Records from a data collection:
####
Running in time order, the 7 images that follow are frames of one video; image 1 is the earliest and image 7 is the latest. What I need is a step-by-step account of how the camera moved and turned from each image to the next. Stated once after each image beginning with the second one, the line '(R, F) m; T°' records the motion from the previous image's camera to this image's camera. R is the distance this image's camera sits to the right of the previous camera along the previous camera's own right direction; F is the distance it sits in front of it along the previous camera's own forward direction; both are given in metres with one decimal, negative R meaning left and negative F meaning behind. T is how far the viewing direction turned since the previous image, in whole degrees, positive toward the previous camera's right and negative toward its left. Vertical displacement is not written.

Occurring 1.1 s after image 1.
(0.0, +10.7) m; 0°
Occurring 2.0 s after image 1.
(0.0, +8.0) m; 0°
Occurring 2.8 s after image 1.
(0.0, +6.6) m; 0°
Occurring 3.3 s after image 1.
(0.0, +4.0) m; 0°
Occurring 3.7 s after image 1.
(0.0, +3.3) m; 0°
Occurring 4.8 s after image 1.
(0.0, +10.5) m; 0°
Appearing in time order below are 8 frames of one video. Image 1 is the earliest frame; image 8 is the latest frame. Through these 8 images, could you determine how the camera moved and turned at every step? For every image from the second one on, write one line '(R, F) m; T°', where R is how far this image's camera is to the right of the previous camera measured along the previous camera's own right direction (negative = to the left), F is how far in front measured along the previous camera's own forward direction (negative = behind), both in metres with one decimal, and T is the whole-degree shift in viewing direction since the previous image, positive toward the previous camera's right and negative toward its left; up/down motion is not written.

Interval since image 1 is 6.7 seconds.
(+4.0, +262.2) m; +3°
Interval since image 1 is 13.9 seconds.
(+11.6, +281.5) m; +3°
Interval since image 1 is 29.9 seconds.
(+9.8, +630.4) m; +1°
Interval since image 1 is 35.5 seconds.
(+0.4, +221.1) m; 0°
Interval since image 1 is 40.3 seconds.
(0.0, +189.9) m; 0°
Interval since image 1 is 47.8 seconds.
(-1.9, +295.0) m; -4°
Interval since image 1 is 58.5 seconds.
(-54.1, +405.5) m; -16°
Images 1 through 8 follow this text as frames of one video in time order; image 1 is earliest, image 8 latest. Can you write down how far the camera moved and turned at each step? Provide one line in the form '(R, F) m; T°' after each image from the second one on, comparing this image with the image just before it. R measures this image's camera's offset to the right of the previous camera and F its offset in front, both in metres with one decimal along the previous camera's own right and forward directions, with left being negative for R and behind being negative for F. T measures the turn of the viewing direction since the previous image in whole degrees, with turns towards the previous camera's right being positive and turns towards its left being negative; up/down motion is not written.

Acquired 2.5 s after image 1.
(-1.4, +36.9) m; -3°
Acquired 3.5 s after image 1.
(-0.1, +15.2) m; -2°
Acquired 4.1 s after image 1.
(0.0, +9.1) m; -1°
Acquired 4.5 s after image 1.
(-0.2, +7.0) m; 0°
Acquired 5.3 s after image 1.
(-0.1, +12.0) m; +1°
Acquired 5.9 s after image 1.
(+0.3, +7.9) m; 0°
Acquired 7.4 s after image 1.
####
Write out every line from the records above, word for word.

## Task result
Running in time order, the 7 images that follow are frames of one video; image 1 is the earliest and image 7 is the latest. What I need is a step-by-step account of how the camera moved and turned from each image to the next. Stated once after each image beginning with the second one, the line '(R, F) m; T°' records the motion from the previous image's camera to this image's camera. R is the distance this image's camera sits to the right of the previous camera along the previous camera's own right direction; F is the distance it sits in front of it along the previous camera's own forward direction; both are given in metres with one decimal, negative R meaning left and negative F meaning behind. T is how far the viewing direction turned since the previous image, in whole degrees, positive toward the previous camera's right and negative toward its left. Vertical displacement is not written.

Occurring 1.1 s after image 1.
(0.0, +10.7) m; 0°
Occurring 2.0 s after image 1.
(0.0, +8.0) m; 0°
Occurring 2.8 s after image 1.
(0.0, +6.6) m; 0°
Occurring 3.3 s after image 1.
(0.0, +4.0) m; 0°
Occurring 3.7 s after image 1.
(0.0, +3.3) m; 0°
Occurring 4.8 s after image 1.
(0.0, +10.5) m; 0°
Appearing in time order below are 8 frames of one video. Image 1 is the earliest frame; image 8 is the latest frame. Through these 8 images, could you determine how the camera moved and turned at every step? For every image from the second one on, write one line '(R, F) m; T°', where R is how far this image's camera is to the right of the previous camera measured along the previous camera's own right direction (negative = to the left), F is how far in front measured along the previous camera's own forward direction (negative = behind), both in metres with one decimal, and T is the whole-degree shift in viewing direction since the previous image, positive toward the previous camera's right and negative toward its left; up/down motion is not written.

Interval since image 1 is 6.7 seconds.
(+4.0, +262.2) m; +3°
Interval since image 1 is 13.9 seconds.
(+11.6, +281.5) m; +3°
Interval since image 1 is 29.9 seconds.
(+9.8, +630.4) m; +1°
Interval since image 1 is 35.5 seconds.
(+0.4, +221.1) m; 0°
Interval since image 1 is 40.3 seconds.
(0.0, +189.9) m; 0°
Interval since image 1 is 47.8 seconds.
(-1.9, +295.0) m; -4°
Interval since image 1 is 58.5 seconds.
(-54.1, +405.5) m; -16°
Images 1 through 8 follow this text as frames of one video in time order; image 1 is earliest, image 8 latest. Can you write down how far the camera moved and turned at each step? Provide one line in the form '(R, F) m; T°' after each image from the second one on, comparing this image with the image just before it. R measures this image's camera's offset to the right of the previous camera and F its offset in front, both in metres with one decimal along the previous camera's own right and forward directions, with left being negative for R and behind being negative for F. T measures the turn of the viewing direction since the previous image in whole degrees, with turns towards the previous camera's right being positive and turns towards its left being negative; up/down motion is not written.

Acquired 2.5 s after image 1.
(-1.4, +36.9) m; -3°
Acquired 3.5 s after image 1.
(-0.1, +15.2) m; -2°
Acquired 4.1 s after image 1.
(0.0, +9.1) m; -1°
Acquired 4.5 s after image 1.
(-0.2, +7.0) m; 0°
Acquired 5.3 s after image 1.
(-0.1, +12.0) m; +1°
Acquired 5.9 s after image 1.
(+0.3, +7.9) m; 0°
Acquired 7.4 s after image 1.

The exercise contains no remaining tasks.